As a precaution, be mindful of the manufacturer of the restraint system. Some of those companies offer their own proprietary systems, in which case your department might have to rely on them for repairs after the warranty period expires. Another choice would be to specify a restraint system that’s manufactured by an independent company that would offer the benefits of parts availability and repairs at a potential reduced cost.

On-board tools
What equipment is to be carried? A complete list of equipment that’s to be carried on the vehicle must be included with the specification. This is important to the manufacturer, because the weight of this equipment could cause the need for increased brake capability, increased axle and spring ratings, and tires that have increased load ratings. Should items be added at a later date, the load capacity of the vehicle could be exceeded, thus setting up the department for legal liability if the vehicle is involved in an accident.

Was the warranty service on the vehicle that’s being replaced adequate?

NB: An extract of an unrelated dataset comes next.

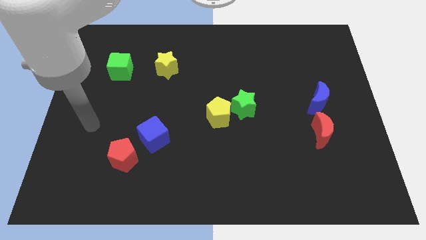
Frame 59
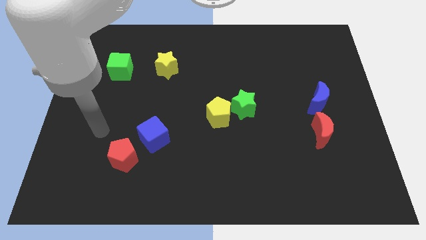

All new vehicles come with a manufacturer’s warranty. Warranty language that’s written by the manufacturer is legal jargon that most laypeople rarely understand. Most apparatus committee members don’t do enough research into the warranty language in the purchasing contract. I strongly suggest that one of the objectives that’s handed to the specification writer should be to add more detail to the warranty requirements. I don’t recommend that the specification writer use a manufacturer’s language, because each manufacturer has slightly different warranty coverages.

For instance, some departments don’t have the luxury of having a warranty service center in close proximity to their stations. What is the acceptable distance that the department is willing to travel to get a vehicle repaired? A requirement that the manufacturer is responsible for the transportation of the vehicle to the service facility could be included in the specification. That said, some manufacturers might agree to this, and some might not. However, putting it into the specification makes it clear what the department wants, and the manufacturer that bids on the project can take exception to this if it so desires, in which case the apparatus committee can evaluate the exception to see whether it wants to accept it.

Once objectives are developed, they should be shared with the specification writer, so the objectives can be further detailed and articulated in the specification. The specification is where the technical details should be spelled out clearly. For example, the objective for the use of a Brand X pump would be added to the specifications, and much more detail regarding the components of the pump, the intake and discharge ports, and all of the desired options would be included.

Preparing specifications and purchasing apparatus are major undertakings that should be done in an orderly fashion and with an educated decision-making process. Creating objectives that clearly define the needs of the department greatly assists the specification writer with the preparation of the specifications.